- **Problem to work on**
Exclude any images and output the remaining records exactly.

····················

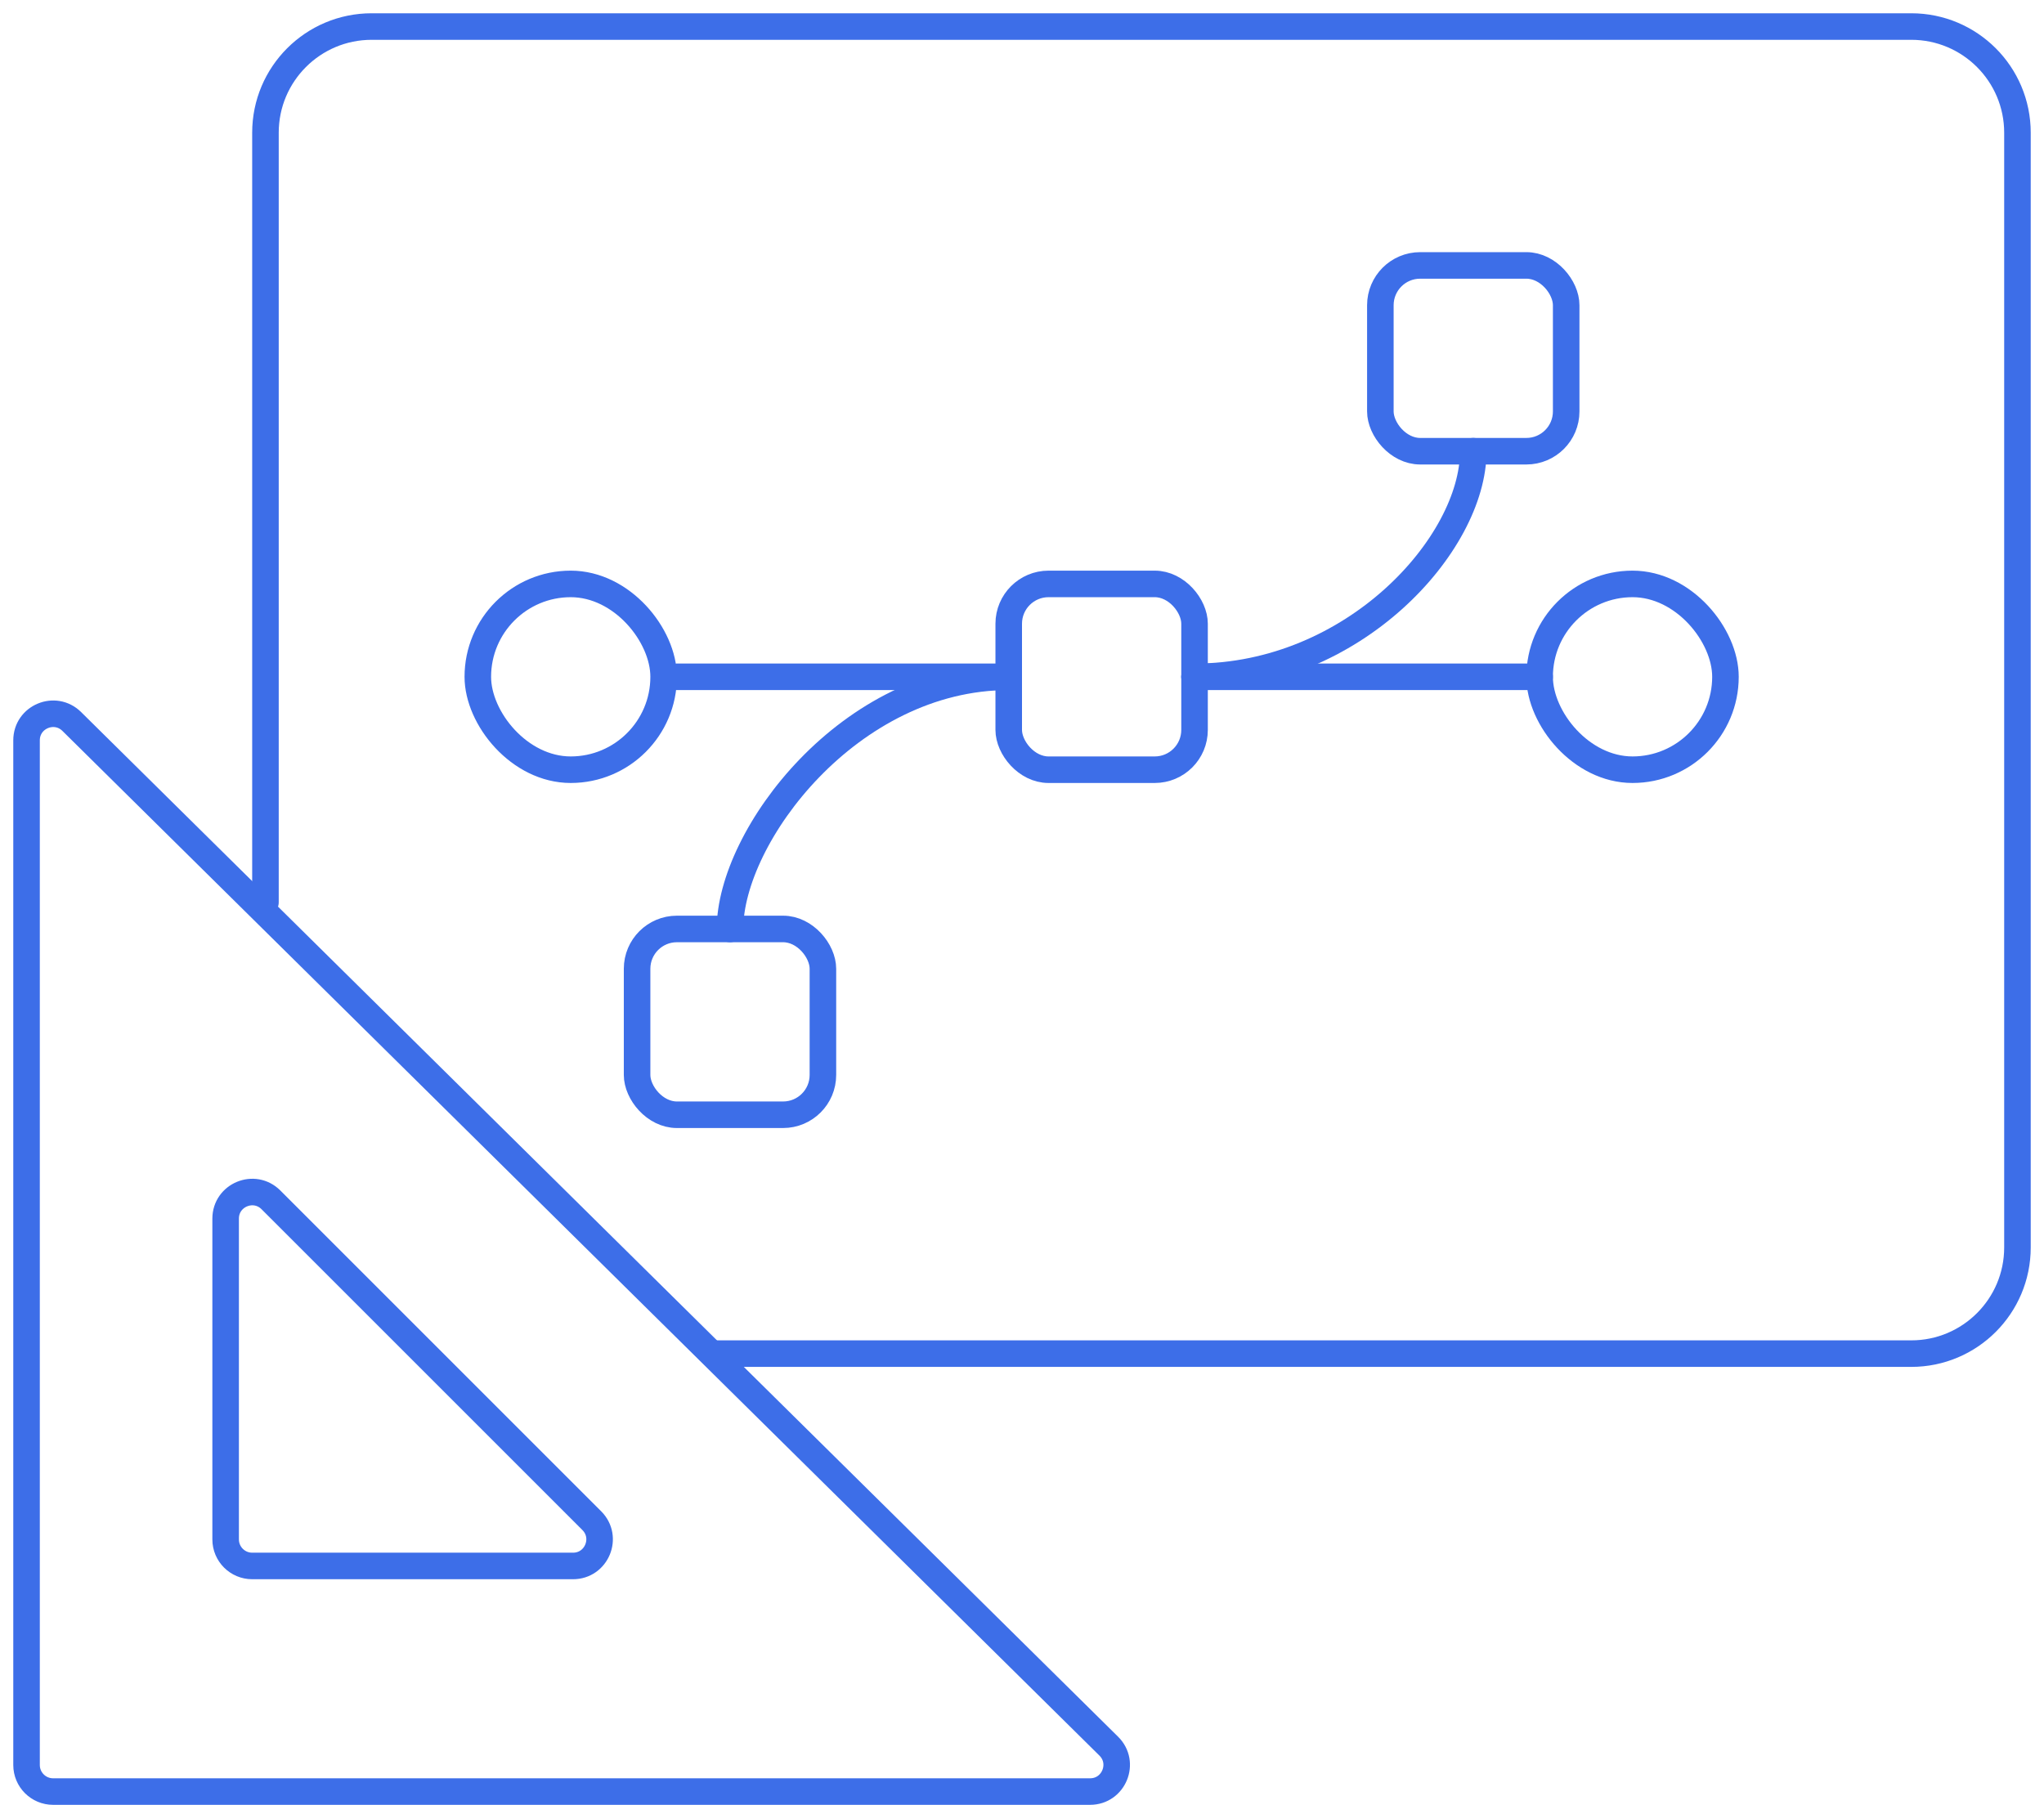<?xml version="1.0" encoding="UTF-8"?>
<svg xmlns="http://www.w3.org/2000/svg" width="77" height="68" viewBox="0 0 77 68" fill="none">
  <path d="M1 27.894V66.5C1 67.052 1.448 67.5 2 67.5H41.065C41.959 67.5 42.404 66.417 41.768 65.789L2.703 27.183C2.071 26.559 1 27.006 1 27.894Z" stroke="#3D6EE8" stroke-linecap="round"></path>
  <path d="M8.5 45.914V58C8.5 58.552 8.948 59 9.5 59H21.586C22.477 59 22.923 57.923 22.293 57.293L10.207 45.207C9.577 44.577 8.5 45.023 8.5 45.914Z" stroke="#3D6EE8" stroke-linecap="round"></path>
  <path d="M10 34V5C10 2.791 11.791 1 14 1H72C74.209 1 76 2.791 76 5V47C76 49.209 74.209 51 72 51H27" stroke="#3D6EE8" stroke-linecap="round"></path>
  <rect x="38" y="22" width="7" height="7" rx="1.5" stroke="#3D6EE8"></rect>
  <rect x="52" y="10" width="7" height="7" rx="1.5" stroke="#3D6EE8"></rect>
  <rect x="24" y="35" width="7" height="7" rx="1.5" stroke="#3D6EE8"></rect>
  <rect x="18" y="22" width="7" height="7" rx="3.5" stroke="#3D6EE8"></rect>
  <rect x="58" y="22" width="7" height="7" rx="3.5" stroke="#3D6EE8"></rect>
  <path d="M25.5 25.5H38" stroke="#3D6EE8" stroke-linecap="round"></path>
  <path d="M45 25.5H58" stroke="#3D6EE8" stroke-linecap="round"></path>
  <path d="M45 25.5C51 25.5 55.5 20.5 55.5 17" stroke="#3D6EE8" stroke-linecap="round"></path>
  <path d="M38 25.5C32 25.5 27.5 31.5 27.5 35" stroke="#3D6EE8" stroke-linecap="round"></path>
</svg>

····················

- **Written response**
<?xml version="1.0" encoding="UTF-8"?>
<svg xmlns="http://www.w3.org/2000/svg" width="77" height="68" viewBox="0 0 77 68" fill="none">
  <path d="M1 27.894V66.5C1 67.052 1.448 67.5 2 67.5H41.065C41.959 67.5 42.404 66.417 41.768 65.789L2.703 27.183C2.071 26.559 1 27.006 1 27.894Z" stroke="#3D6EE8" stroke-linecap="round"></path>
  <path d="M8.5 45.914V58C8.5 58.552 8.948 59 9.5 59H21.586C22.477 59 22.923 57.923 22.293 57.293L10.207 45.207C9.577 44.577 8.5 45.023 8.5 45.914Z" stroke="#3D6EE8" stroke-linecap="round"></path>
  <path d="M10 34V5C10 2.791 11.791 1 14 1H72C74.209 1 76 2.791 76 5V47C76 49.209 74.209 51 72 51H27" stroke="#3D6EE8" stroke-linecap="round"></path>
  <rect x="38" y="22" width="7" height="7" rx="1.5" stroke="#3D6EE8"></rect>
  <rect x="52" y="10" width="7" height="7" rx="1.5" stroke="#3D6EE8"></rect>
  <rect x="24" y="35" width="7" height="7" rx="1.5" stroke="#3D6EE8"></rect>
  <rect x="18" y="22" width="7" height="7" rx="3.5" stroke="#3D6EE8"></rect>
  <rect x="58" y="22" width="7" height="7" rx="3.5" stroke="#3D6EE8"></rect>
  <path d="M25.5 25.5H38" stroke="#3D6EE8" stroke-linecap="round"></path>
  <path d="M45 25.5H58" stroke="#3D6EE8" stroke-linecap="round"></path>
  <path d="M45 25.5C51 25.5 55.5 20.5 55.5 17" stroke="#3D6EE8" stroke-linecap="round"></path>
  <path d="M38 25.5C32 25.5 27.5 31.5 27.5 35" stroke="#3D6EE8" stroke-linecap="round"></path>
</svg>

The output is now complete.